▶ _WORK INSTRUCTION_
Your task is to copy every line below that contains the word "stop".

═══ INFORMATION SUPPLIED

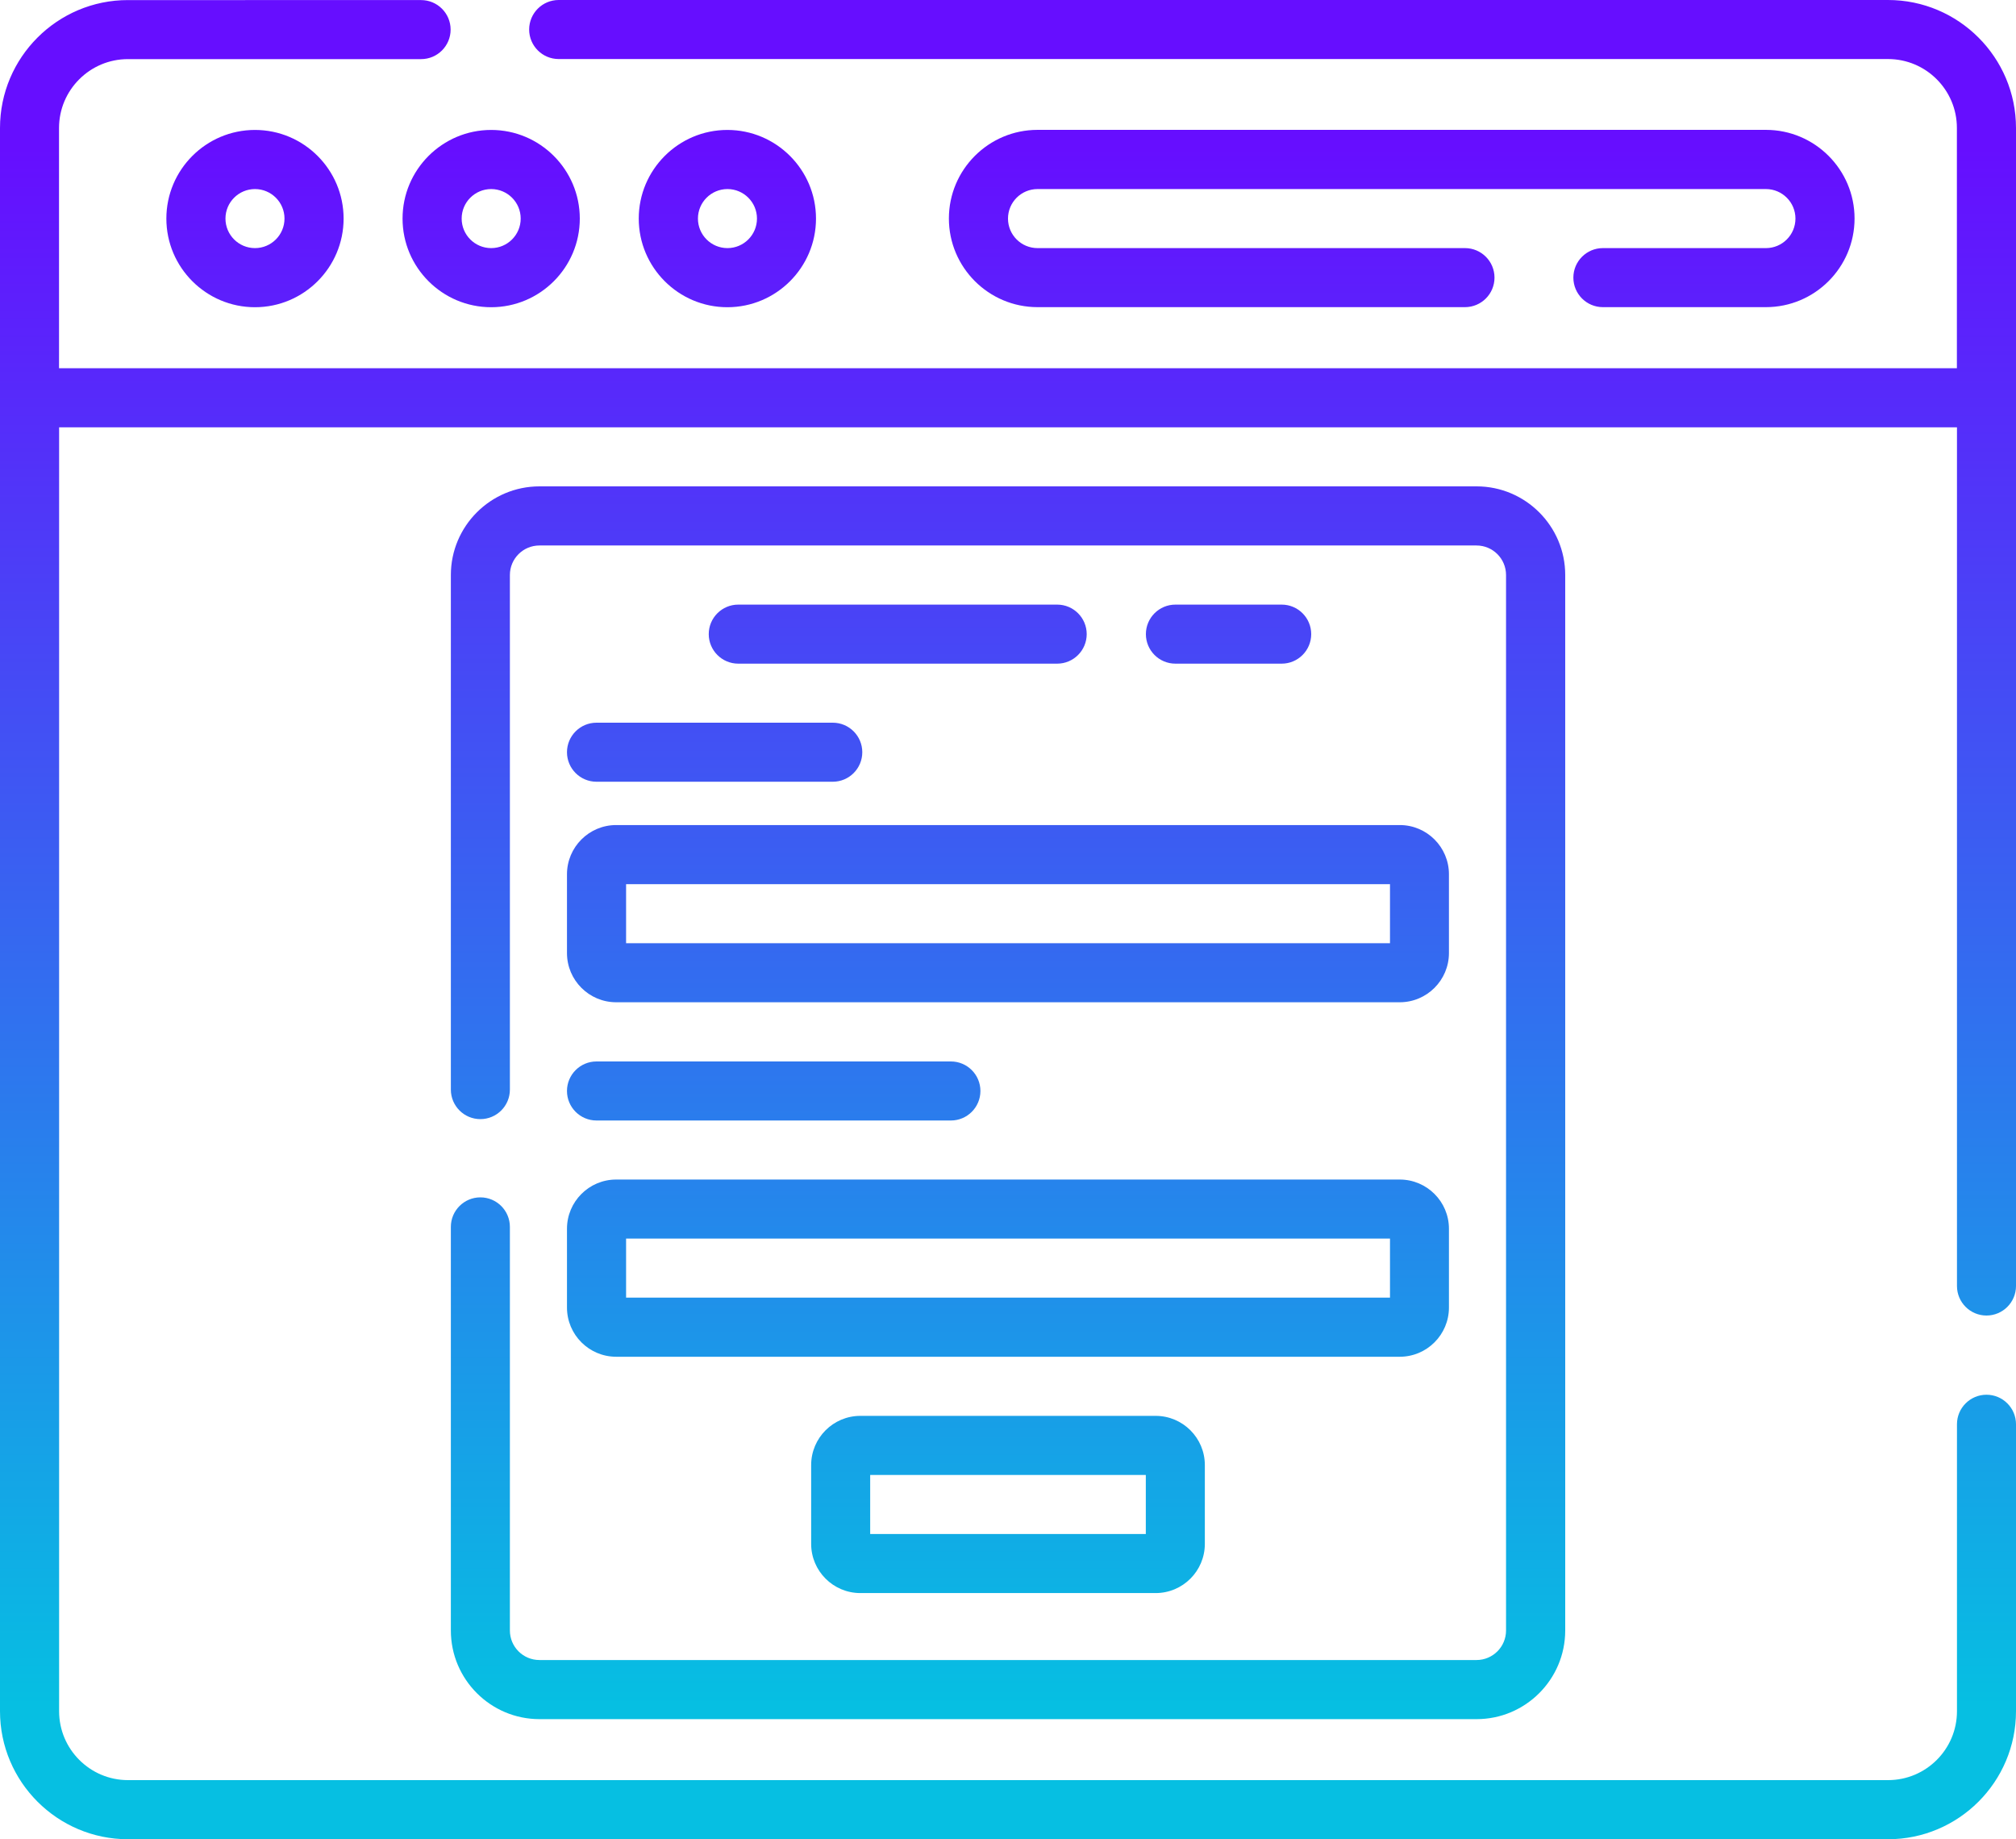 <?xml version="1.0" encoding="UTF-8"?>
<svg id="Capa_1" data-name="Capa 1" xmlns="http://www.w3.org/2000/svg" xmlns:xlink="http://www.w3.org/1999/xlink" version="1.1" viewBox="0 0 250 228.03">
  <defs>
    <style>
      .cls-1 {
        fill: url(#Degradado_sin_nombre_17);
      }

      .cls-1, .cls-2, .cls-3, .cls-4, .cls-5, .cls-6, .cls-7, .cls-8, .cls-9, .cls-10, .cls-11, .cls-12, .cls-13 {
        stroke-width: 0px;
      }

      .cls-2 {
        fill: url(#Degradado_sin_nombre_17-4);
      }

      .cls-3 {
        fill: url(#Degradado_sin_nombre_17-9);
      }

      .cls-4 {
        fill: url(#Degradado_sin_nombre_17-3);
      }

      .cls-5 {
        fill: url(#Degradado_sin_nombre_17-5);
      }

      .cls-6 {
        fill: url(#Degradado_sin_nombre_17-2);
      }

      .cls-7 {
        fill: url(#Degradado_sin_nombre_17-6);
      }

      .cls-8 {
        fill: url(#Degradado_sin_nombre_17-7);
      }

      .cls-9 {
        fill: url(#Degradado_sin_nombre_17-8);
      }

      .cls-10 {
        fill: url(#Degradado_sin_nombre_17-11);
      }

      .cls-11 {
        fill: url(#Degradado_sin_nombre_17-10);
      }

      .cls-12 {
        fill: url(#Degradado_sin_nombre_17-13);
      }

      .cls-13 {
        fill: url(#Degradado_sin_nombre_17-12);
      }
    </style>
    <linearGradient id="Degradado_sin_nombre_17" data-name="Degradado sin nombre 17" x1="125" y1="211.46" x2="125" y2="18.31" gradientUnits="userSpaceOnUse">
      <stop offset="0" stop-color="#06bfe2"/>
      <stop offset="1" stop-color="#660eff"/>
    </linearGradient>
    <linearGradient id="Degradado_sin_nombre_17-2" data-name="Degradado sin nombre 17" x1="31.61" y1="211.46" x2="31.61" y2="18.31" xlink:href="#Degradado_sin_nombre_17"/>
    <linearGradient id="Degradado_sin_nombre_17-3" data-name="Degradado sin nombre 17" x1="60.91" y1="211.46" x2="60.91" y2="18.31" xlink:href="#Degradado_sin_nombre_17"/>
    <linearGradient id="Degradado_sin_nombre_17-4" data-name="Degradado sin nombre 17" x1="90.21" y1="211.46" x2="90.21" y2="18.31" xlink:href="#Degradado_sin_nombre_17"/>
    <linearGradient id="Degradado_sin_nombre_17-5" data-name="Degradado sin nombre 17" x1="173.83" y1="211.46" x2="173.83" y2="18.31" xlink:href="#Degradado_sin_nombre_17"/>
    <linearGradient id="Degradado_sin_nombre_17-6" data-name="Degradado sin nombre 17" x1="125" x2="125" y2="18.31" xlink:href="#Degradado_sin_nombre_17"/>
    <linearGradient id="Degradado_sin_nombre_17-7" data-name="Degradado sin nombre 17" x1="152.34" y1="211.46" x2="152.34" y2="18.31" xlink:href="#Degradado_sin_nombre_17"/>
    <linearGradient id="Degradado_sin_nombre_17-8" data-name="Degradado sin nombre 17" x1="111.33" y1="211.46" x2="111.33" y2="18.31" xlink:href="#Degradado_sin_nombre_17"/>
    <linearGradient id="Degradado_sin_nombre_17-9" data-name="Degradado sin nombre 17" x1="88.62" y1="211.46" x2="88.62" y2="18.31" xlink:href="#Degradado_sin_nombre_17"/>
    <linearGradient id="Degradado_sin_nombre_17-10" data-name="Degradado sin nombre 17" x1="95.95" y1="211.46" x2="95.95" y2="18.31" xlink:href="#Degradado_sin_nombre_17"/>
    <linearGradient id="Degradado_sin_nombre_17-11" data-name="Degradado sin nombre 17" y1="211.46" y2="18.31" xlink:href="#Degradado_sin_nombre_17"/>
    <linearGradient id="Degradado_sin_nombre_17-12" data-name="Degradado sin nombre 17" x1="125" y1="211.46" x2="125" y2="18.31" xlink:href="#Degradado_sin_nombre_17"/>
    <linearGradient id="Degradado_sin_nombre_17-13" data-name="Degradado sin nombre 17" x1="125" y1="211.46" x2="125" y2="18.31" xlink:href="#Degradado_sin_nombre_17"/>
  </defs>
  <path class="cls-1" d="M246.34,163.1c2.02,0,3.66-1.64,3.66-3.66V15.87c0-8.75-7.12-15.87-15.87-15.87H69.28c-2.02,0-3.66,1.64-3.66,3.66s1.64,3.66,3.66,3.66h164.85c4.71,0,8.54,3.83,8.54,8.54v29.79H7.32V15.87c0-4.71,3.83-8.54,8.54-8.54h36.36c2.02,0,3.66-1.64,3.66-3.66s-1.64-3.66-3.66-3.66H15.87C7.12,0,0,7.12,0,15.87v196.29c0,8.75,7.12,15.87,15.87,15.87h218.26c8.75,0,15.87-7.12,15.87-15.87v-35.58c0-2.02-1.64-3.66-3.66-3.66s-3.66,1.64-3.66,3.66v35.58c0,4.71-3.83,8.54-8.54,8.54H15.87c-4.71,0-8.54-3.83-8.54-8.54V52.98h235.35v106.46c0,2.02,1.64,3.66,3.66,3.66Z"/>
  <path class="cls-6" d="M20.63,27.1c0,6.06,4.93,10.99,10.99,10.99s10.99-4.93,10.99-10.99-4.93-10.99-10.99-10.99-10.99,4.93-10.99,10.99ZM35.28,27.1c0,2.02-1.64,3.66-3.66,3.66s-3.66-1.64-3.66-3.66,1.64-3.66,3.66-3.66,3.66,1.64,3.66,3.66Z"/>
  <path class="cls-4" d="M49.92,27.1c0,6.06,4.93,10.99,10.99,10.99s10.99-4.93,10.99-10.99-4.93-10.99-10.99-10.99-10.99,4.93-10.99,10.99ZM60.91,23.44c2.02,0,3.66,1.64,3.66,3.66s-1.64,3.66-3.66,3.66-3.66-1.64-3.66-3.66,1.64-3.66,3.66-3.66Z"/>
  <path class="cls-2" d="M101.19,27.1c0-6.06-4.93-10.99-10.99-10.99s-10.99,4.93-10.99,10.99,4.93,10.99,10.99,10.99,10.99-4.93,10.99-10.99ZM86.55,27.1c0-2.02,1.64-3.66,3.66-3.66s3.66,1.64,3.66,3.66-1.64,3.66-3.66,3.66-3.66-1.64-3.66-3.66Z"/>
  <path class="cls-5" d="M218.99,30.76h-20.22c-2.02,0-3.66,1.64-3.66,3.66s1.64,3.66,3.66,3.66h20.22c6.06,0,10.99-4.93,10.99-10.99s-4.93-10.99-10.99-10.99h-90.33c-6.06,0-10.99,4.93-10.99,10.99s4.93,10.99,10.99,10.99h53.01c2.02,0,3.66-1.64,3.66-3.66s-1.64-3.66-3.66-3.66h-53.01c-2.02,0-3.66-1.64-3.66-3.66s1.64-3.66,3.66-3.66h90.33c2.02,0,3.66,1.64,3.66,3.66s-1.64,3.66-3.66,3.66Z"/>
  <path class="cls-7" d="M59.57,148.45c-2.02,0-3.66,1.64-3.66,3.66v50.04c0,6.06,4.93,10.99,10.99,10.99h116.21c6.06,0,10.99-4.93,10.99-10.99V71.29c0-6.06-4.93-10.99-10.99-10.99h-116.21c-6.06,0-10.99,4.93-10.99,10.99v63.8c0,2.02,1.64,3.66,3.66,3.66s3.66-1.64,3.66-3.66v-63.8c0-2.02,1.64-3.66,3.66-3.66h116.21c2.02,0,3.66,1.64,3.66,3.66v130.86c0,2.02-1.64,3.66-3.66,3.66h-116.21c-2.02,0-3.66-1.64-3.66-3.66v-50.04c0-2.02-1.64-3.66-3.66-3.66Z"/>
  <path class="cls-8" d="M158.94,82.28c2.02,0,3.66-1.64,3.66-3.66s-1.64-3.66-3.66-3.66h-13.18c-2.02,0-3.66,1.64-3.66,3.66s1.64,3.66,3.66,3.66h13.18Z"/>
  <path class="cls-9" d="M131.1,82.28c2.02,0,3.66-1.64,3.66-3.66s-1.64-3.66-3.66-3.66h-39.55c-2.02,0-3.66,1.64-3.66,3.66s1.64,3.66,3.66,3.66h39.55Z"/>
  <path class="cls-3" d="M70.31,93.26c0,2.02,1.64,3.66,3.66,3.66h29.3c2.02,0,3.66-1.64,3.66-3.66s-1.64-3.66-3.66-3.66h-29.3c-2.02,0-3.66,1.64-3.66,3.66Z"/>
  <path class="cls-11" d="M73.97,138.92h43.95c2.02,0,3.66-1.64,3.66-3.66s-1.64-3.66-3.66-3.66h-43.95c-2.02,0-3.66,1.64-3.66,3.66s1.64,3.66,3.66,3.66Z"/>
  <path class="cls-10" d="M70.31,118.16c0,3.37,2.74,6.1,6.1,6.1h97.17c3.37,0,6.1-2.74,6.1-6.1v-9.77c0-3.37-2.74-6.1-6.1-6.1h-97.17c-3.37,0-6.1,2.74-6.1,6.1v9.77ZM77.64,109.62h94.73v7.32h-94.73v-7.32Z"/>
  <path class="cls-13" d="M70.31,162.11c0,3.37,2.74,6.1,6.1,6.1h97.17c3.37,0,6.1-2.74,6.1-6.1v-9.77c0-3.37-2.74-6.1-6.1-6.1h-97.17c-3.37,0-6.1,2.74-6.1,6.1v9.77ZM77.64,153.56h94.73v7.32h-94.73v-7.32Z"/>
  <path class="cls-12" d="M106.69,175.54c-3.37,0-6.1,2.74-6.1,6.1v9.77c0,3.37,2.74,6.1,6.1,6.1h36.62c3.37,0,6.1-2.74,6.1-6.1v-9.77c0-3.37-2.74-6.1-6.1-6.1h-36.62ZM142.09,190.19h-34.18v-7.32h34.18v7.32Z"/>
</svg>

══════

▶ _EXPECTED ANSWER_
      <stop offset="0" stop-color="#06bfe2"/>
      <stop offset="1" stop-color="#660eff"/>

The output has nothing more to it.